Would the new ministers back the overwhelming consensus of scientists and governments that climate change is a real and present danger? Of Truss’s views we knew nothing. Fallon’s replacement Matthew Hancock was one of the 100 Tory MPs who wrote to David Cameron in 2012 demanding wind power subsidies were slashed. So I asked Defra and Decc: “Do the new ministers agree with the following statements made by the Intergovernmental Panel on Climate Change?”

Warming of the climate system is unequivocal, and since the 1950s, many of the observed changes are unprecedented over decades to millennia.

It is extremely likely that human influence has been the dominant cause of the observed warming since the mid-20th century.

Continued emissions of greenhouse gases will cause further warming and changes in all components of the climate system. Limiting climate change will require substantial and sustained reductions of greenhouse gas emissions.

Increasing magnitudes of warming increase the likelihood of severe, pervasive, and irreversible impacts.

It was, of course, a trick question in one sense. The IPCC is the most authoritative source of information on this issue and these statements had already been approved by every government on the planet, including the UK. So the obvious answer to my question would be a single word: “Yes.” But it took days and multiple prompts for Defra to respond.

Eventually, they did: “The Environment Secretary [Liz Truss] shares the government view on climate change.” OK, I thought, but that doesn’t actually answer the question. So I tried again. Back came Defra: “The government’s view is in line with the IPCC’s.” I was getting close. So I called up and asked: “So that must mean Liz Truss agrees with the IPCC?” Finally, it came: “Yes.”

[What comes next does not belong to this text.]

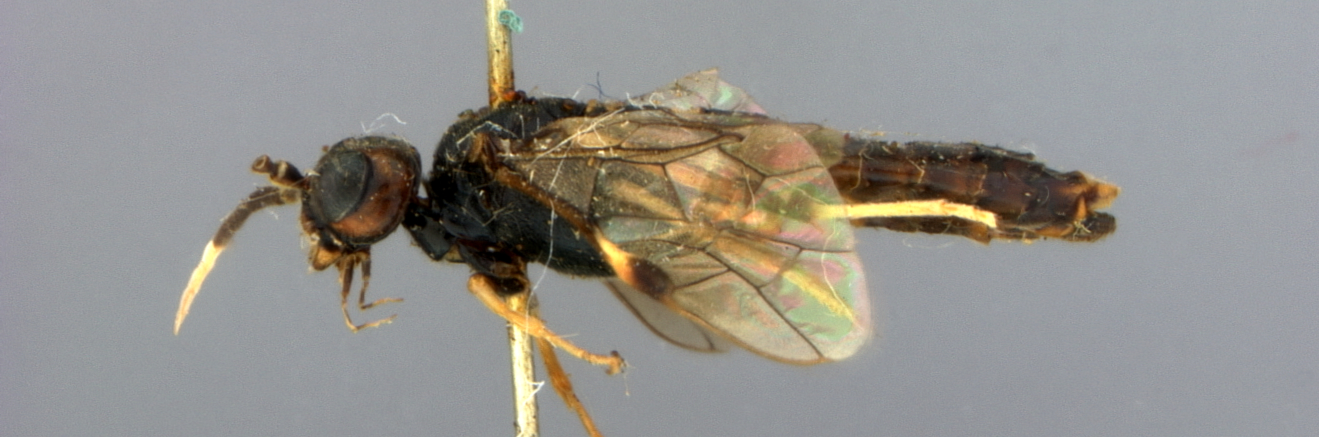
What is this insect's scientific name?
Harpiphorus intermedius
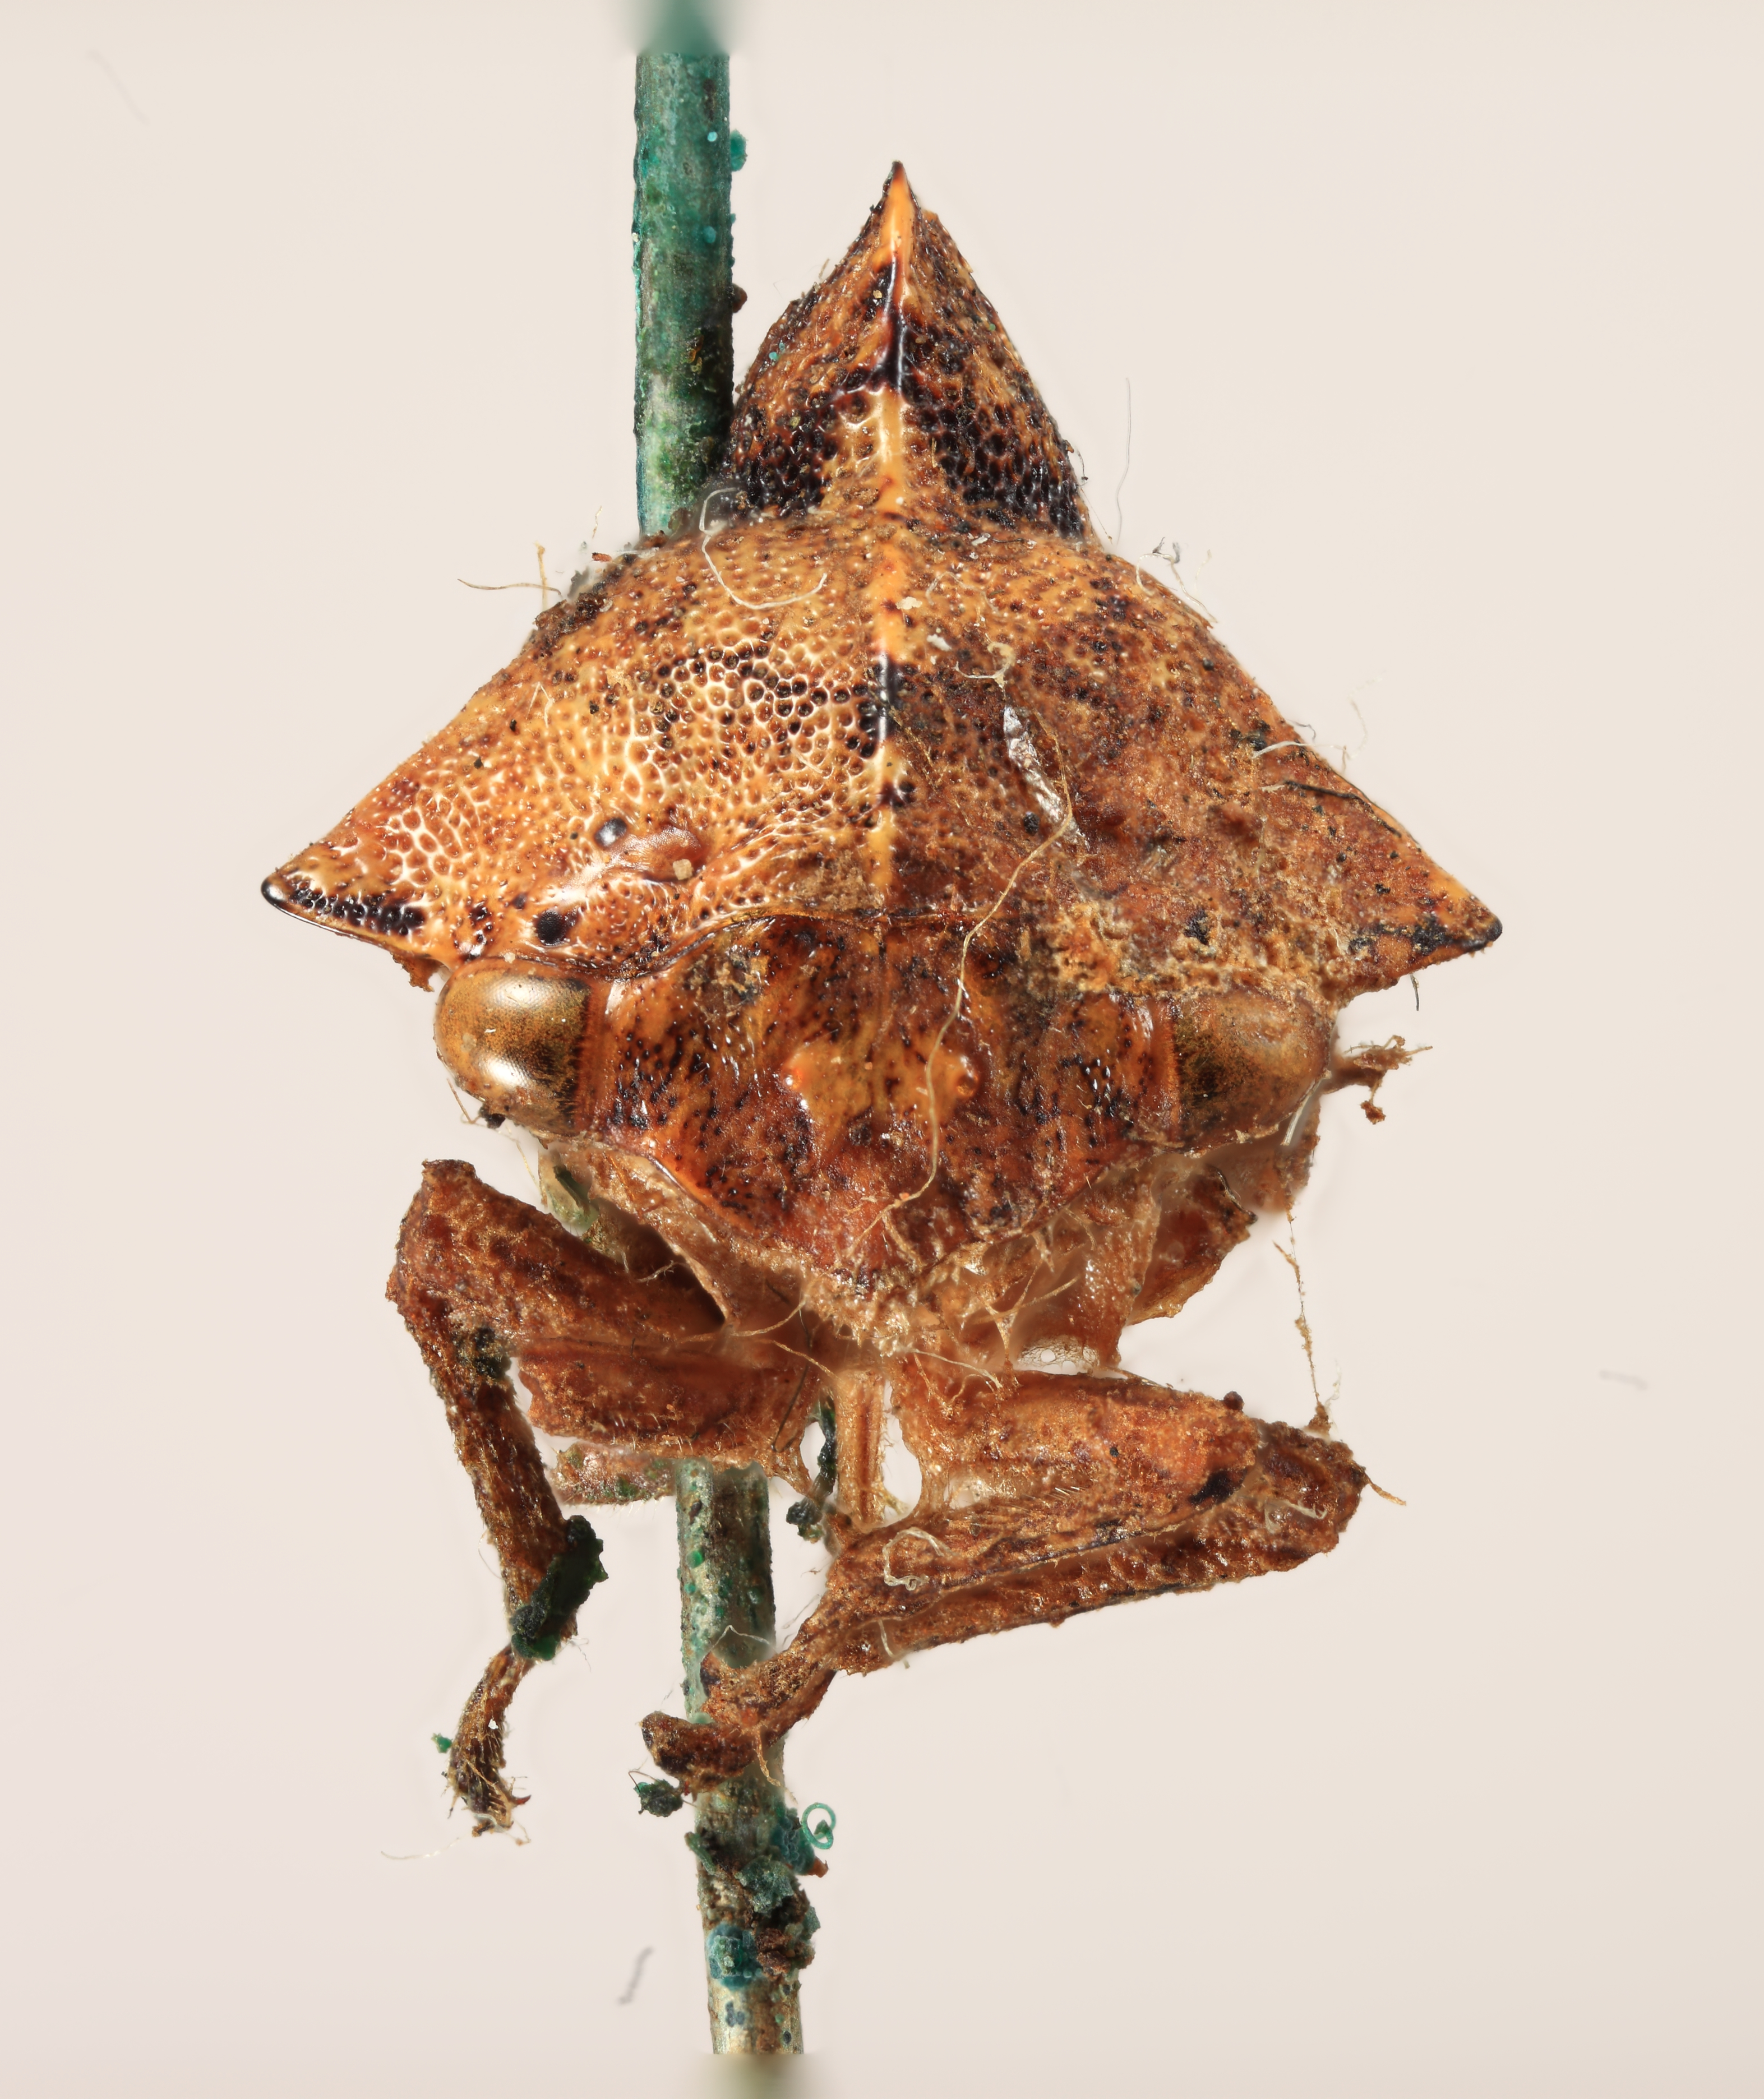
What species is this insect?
Telamona concava

Decc had responded much more swiftly. “The government’s view on climate change is in line with the IPCC’s and we have a diverse portfolio of policies to lessen the risk it poses to the UK and world - all Decc Ministers are signed up to that agenda.” Again, not a simple “yes”, but a pretty clear statement that Hancock and the other new Decc minister Amber Rudd agree with the IPCC statements.

Yet the inability to give the simple “yes” is telling. It betrays the Conservative party’s dilemma of understanding the reality of climate change but having to pander to those Tory supporters who think it’s a communist plot. Cameron hugged the husky then derided the “green crap”; George Osborne promised to be a “green ally, not a foe” then decided that saving the planet was going to “put the country out of business”.

These dilemmas are ugly and damaging to the UK’s fast-growing green economy but there is a word for them: it’s politics.